Blogger Tom Truelson started writing a journal back in 1994, as he struggled with suicidal thoughts and intentions. In his latest blog piece he talks about the process of writing this journal and how it helped him deal with and make sense of his thoughts. Check out his blog for his other writings and stories of his experiences: fortheheartcries.blogspot.com
You have heard of the expressions, “You drive yourself crazy” and “Don’t drive yourself crazy.” There was a time when I was an expert, a grand master, at driving myself crazy.
I was living in a world of my own creation, suffering in silence from self-inflicted mental turmoil and torture. My mind, at times, uncontrollable, a whirlwind of madness – as I created conflicts that didn’t exist, conversations that never happened, fears that were imaginary, uncertainties that were illusionary.

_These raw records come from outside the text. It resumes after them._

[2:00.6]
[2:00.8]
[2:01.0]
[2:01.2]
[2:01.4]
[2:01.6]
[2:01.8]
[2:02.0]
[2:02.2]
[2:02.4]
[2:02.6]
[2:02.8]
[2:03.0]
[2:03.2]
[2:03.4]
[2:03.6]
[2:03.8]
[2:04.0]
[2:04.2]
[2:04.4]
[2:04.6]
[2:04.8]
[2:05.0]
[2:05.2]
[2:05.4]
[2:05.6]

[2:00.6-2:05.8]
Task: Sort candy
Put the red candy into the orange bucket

I was on a cycle of therapy, medications and mental frenzy and overload – a roundabout of exhaustion in search of an exit, an escape.
Then one day I decided to start a journal, to write down what I was going through on a daily basis and being brutally honest about the devastating conflicts that were raging within my mind – and the turmoil and torture these thoughts created.

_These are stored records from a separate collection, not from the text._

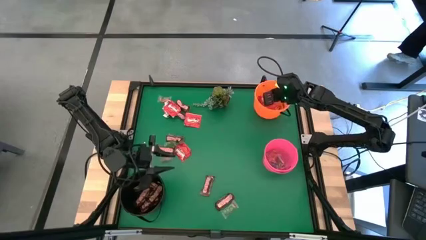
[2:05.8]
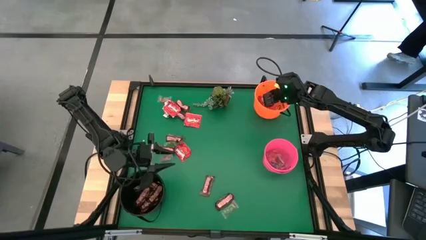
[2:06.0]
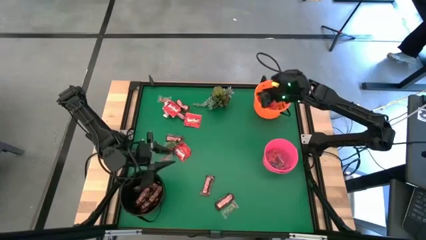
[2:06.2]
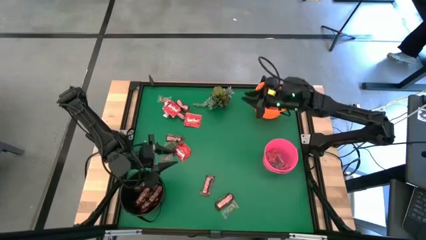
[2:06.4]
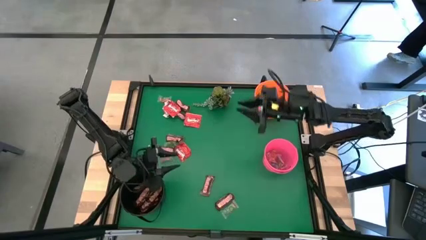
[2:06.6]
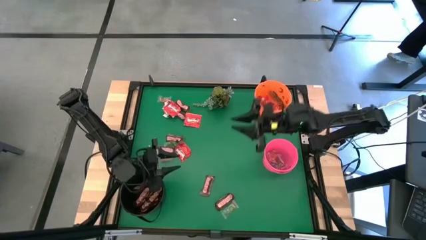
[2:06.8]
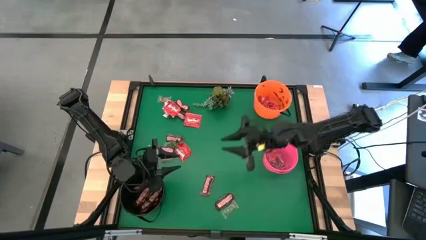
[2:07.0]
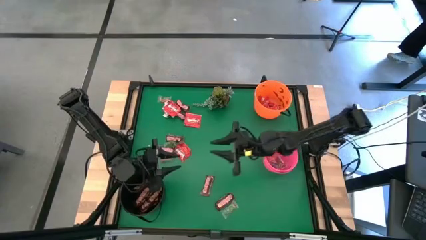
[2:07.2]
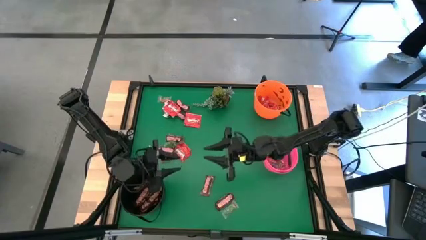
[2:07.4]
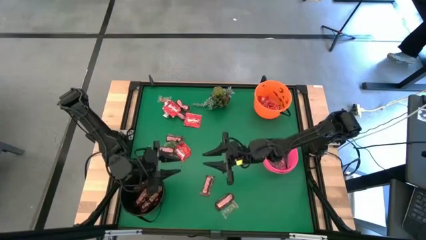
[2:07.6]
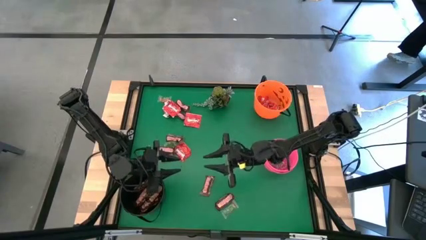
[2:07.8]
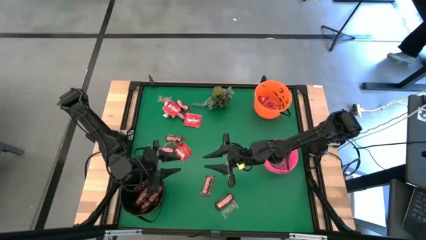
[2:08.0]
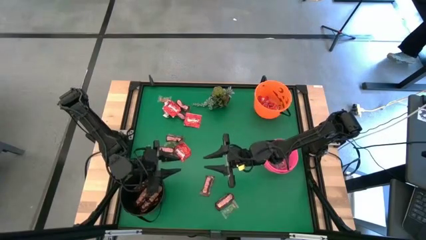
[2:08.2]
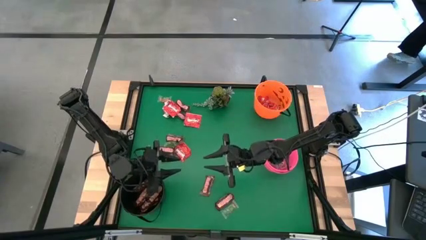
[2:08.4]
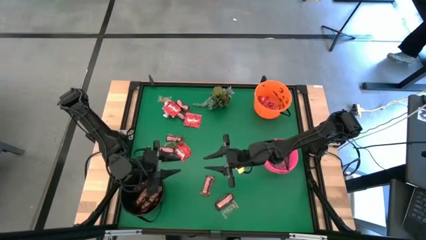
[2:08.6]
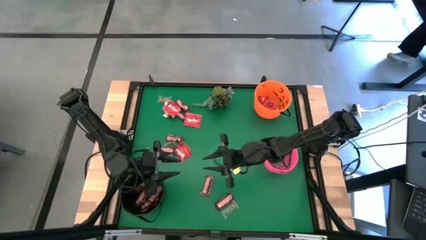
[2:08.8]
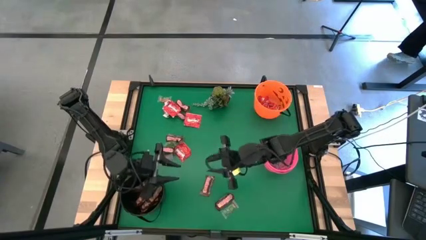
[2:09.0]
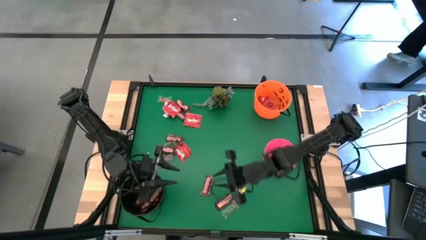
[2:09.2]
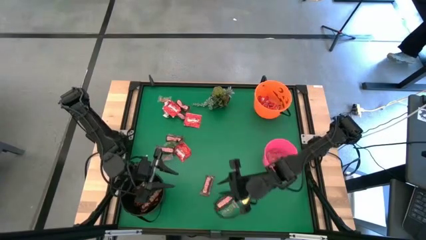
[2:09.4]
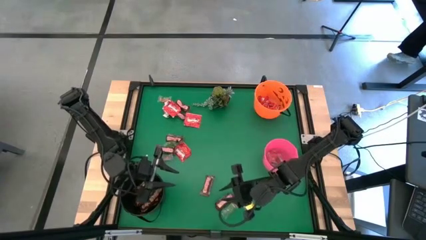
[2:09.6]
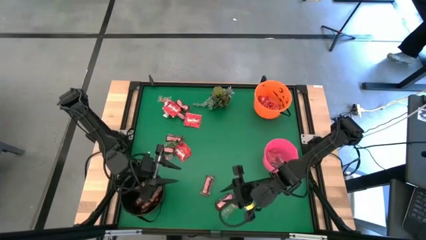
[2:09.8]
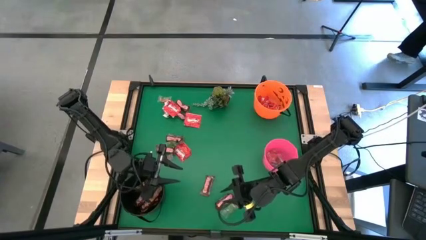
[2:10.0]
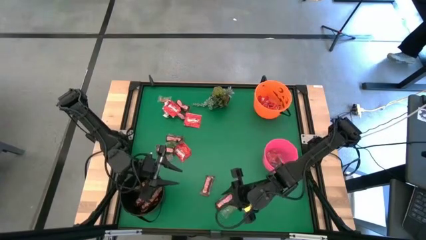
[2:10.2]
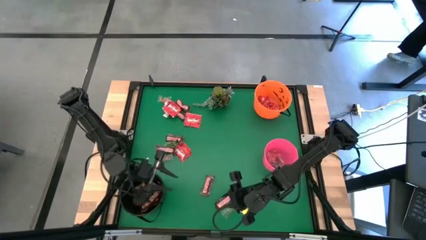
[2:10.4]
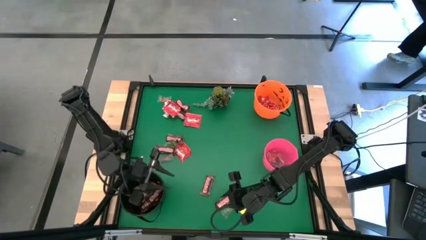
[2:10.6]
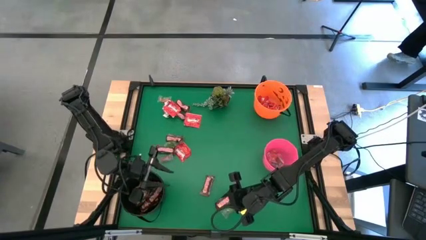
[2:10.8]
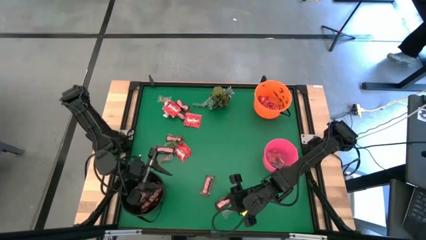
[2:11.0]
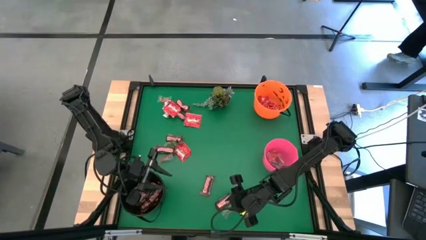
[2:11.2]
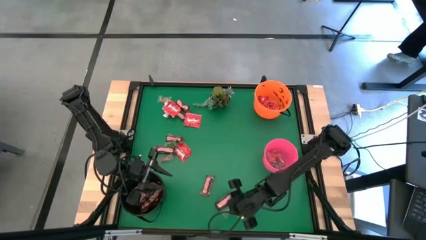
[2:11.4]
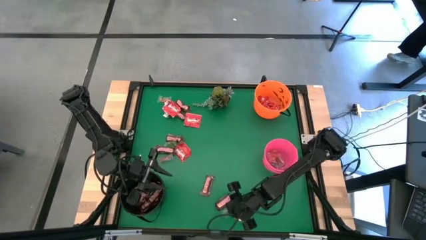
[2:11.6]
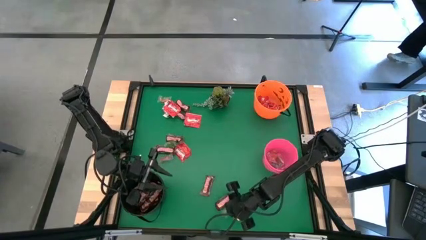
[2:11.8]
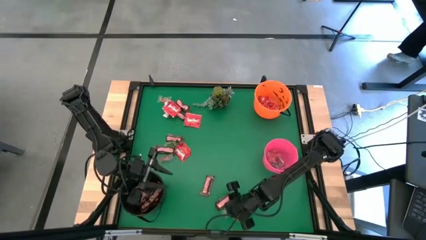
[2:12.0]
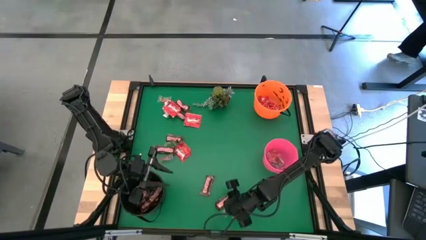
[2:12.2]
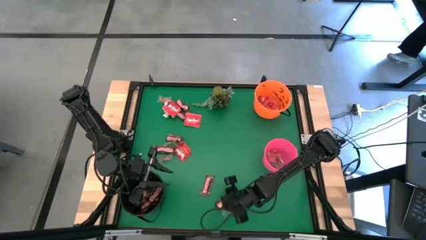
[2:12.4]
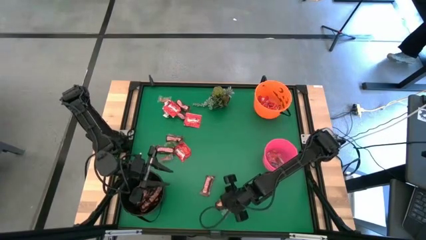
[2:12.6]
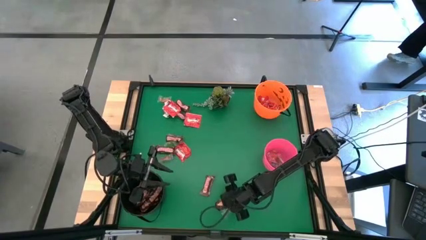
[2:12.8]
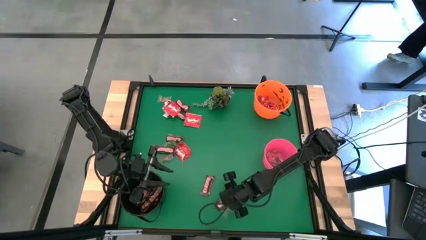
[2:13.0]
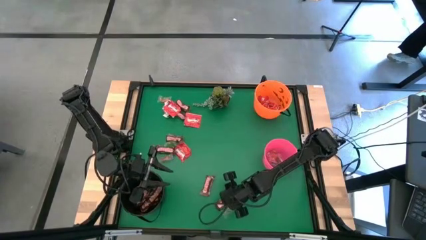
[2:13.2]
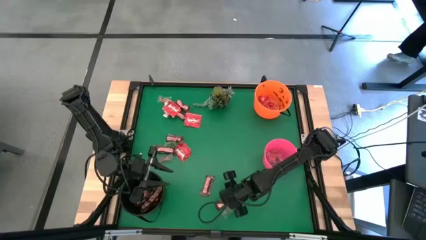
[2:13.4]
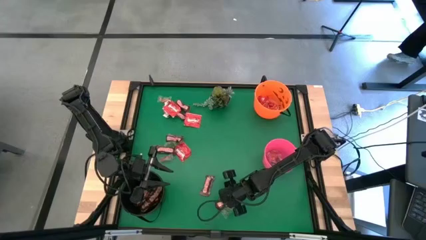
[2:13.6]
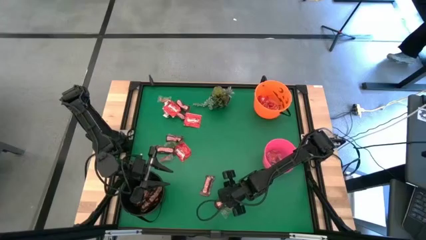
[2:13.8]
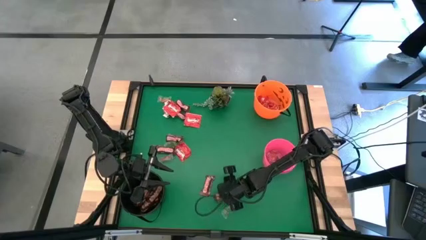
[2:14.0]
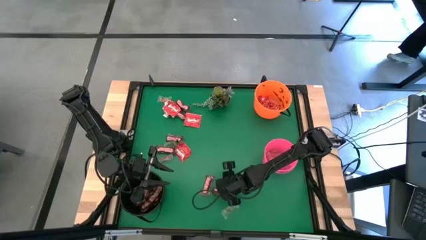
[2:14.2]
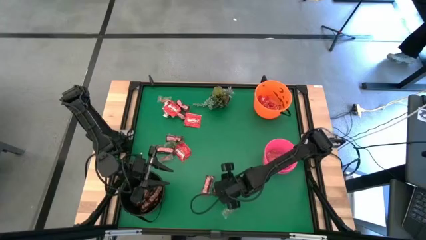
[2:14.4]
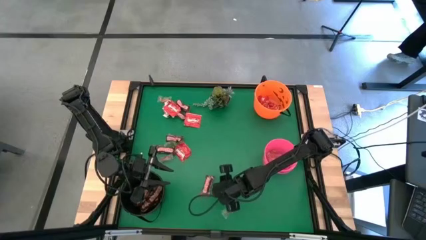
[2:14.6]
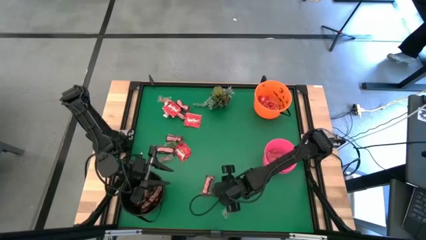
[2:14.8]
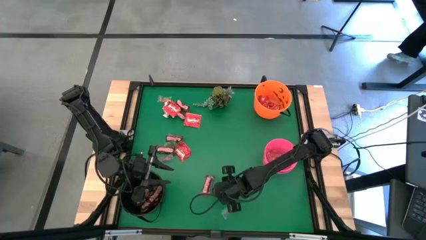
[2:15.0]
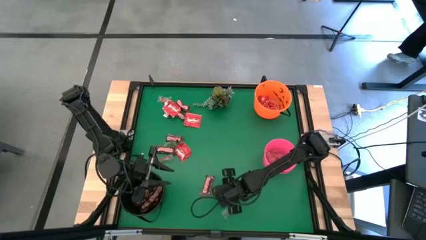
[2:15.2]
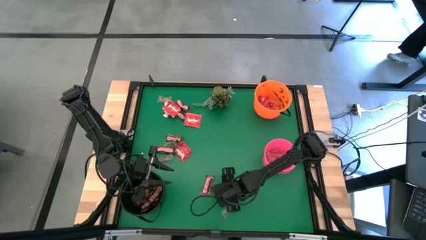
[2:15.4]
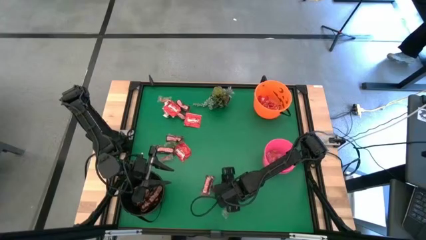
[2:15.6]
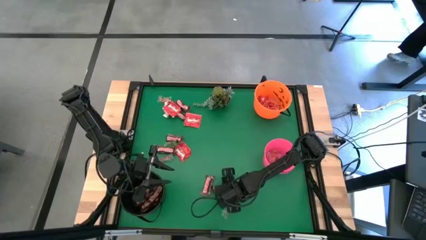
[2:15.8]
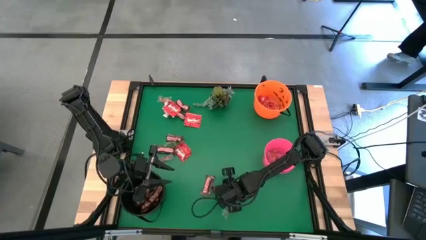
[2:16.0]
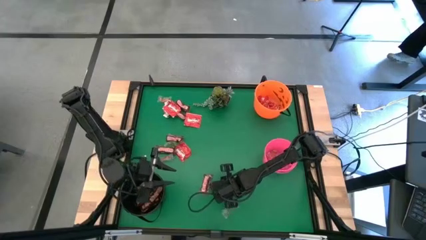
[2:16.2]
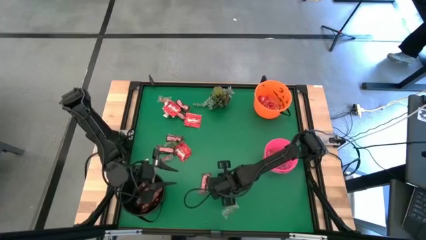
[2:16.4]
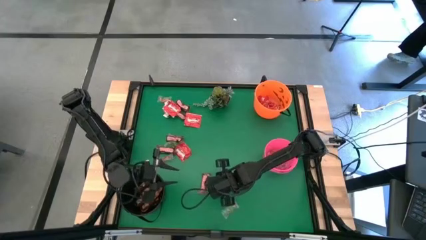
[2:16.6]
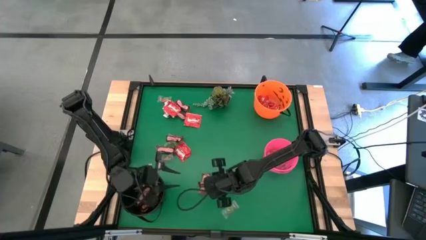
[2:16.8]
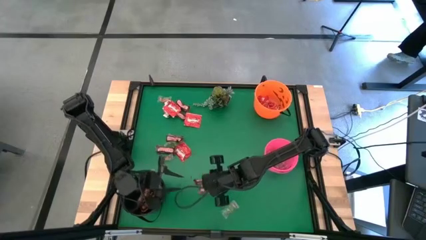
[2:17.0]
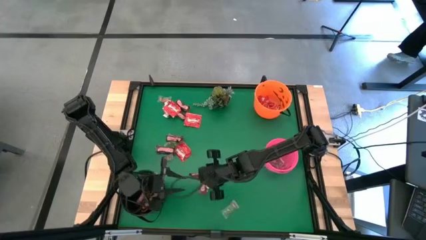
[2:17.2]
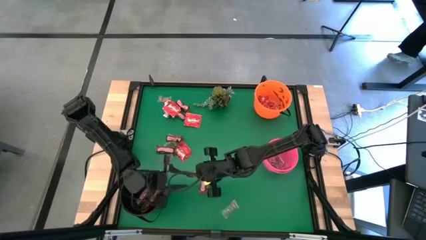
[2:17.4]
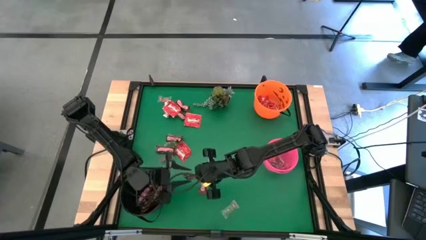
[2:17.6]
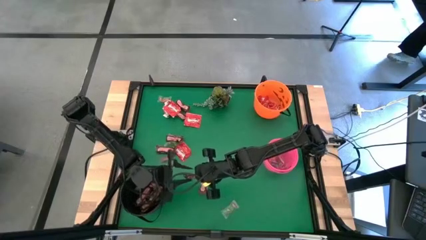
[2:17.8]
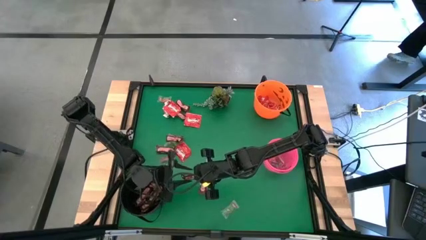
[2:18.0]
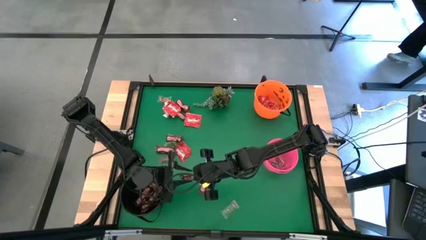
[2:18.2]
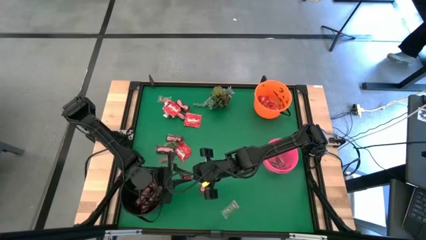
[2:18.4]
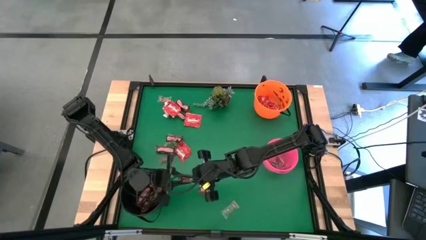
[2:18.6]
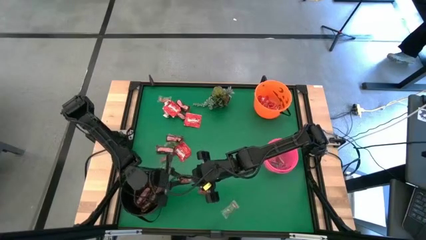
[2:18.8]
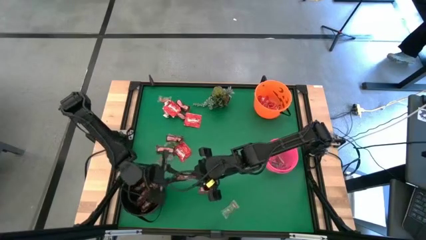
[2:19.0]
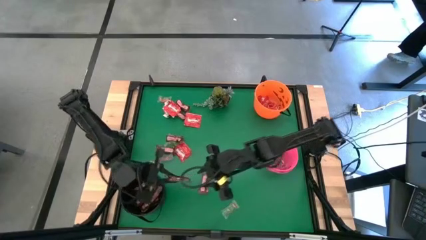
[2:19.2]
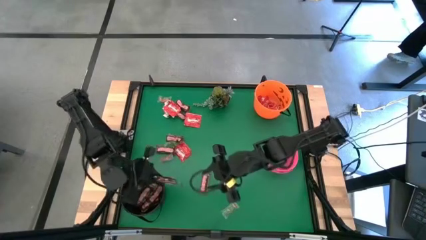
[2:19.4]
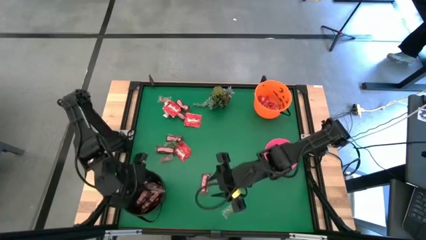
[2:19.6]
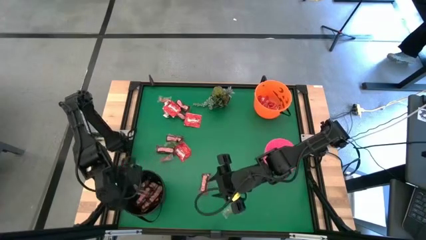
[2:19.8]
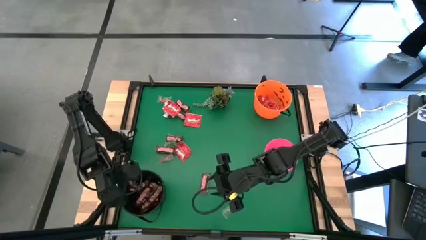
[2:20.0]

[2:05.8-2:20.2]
Put the brown chocolate bar into the black bucket

Did it help? Not at first, but I kept writing day after day – a required rigid regiment in my life. Gradually, I began to improve. Becoming more aware of the self-destruction of my thoughts as I saw them written of the page.
In time I was better able to control these thoughts and was able to recognise when my mind was about to take flight on a trip I didn’t want to take.
So, take pen to hand, one word after another will take you on a journey, an adventure – destination unknown.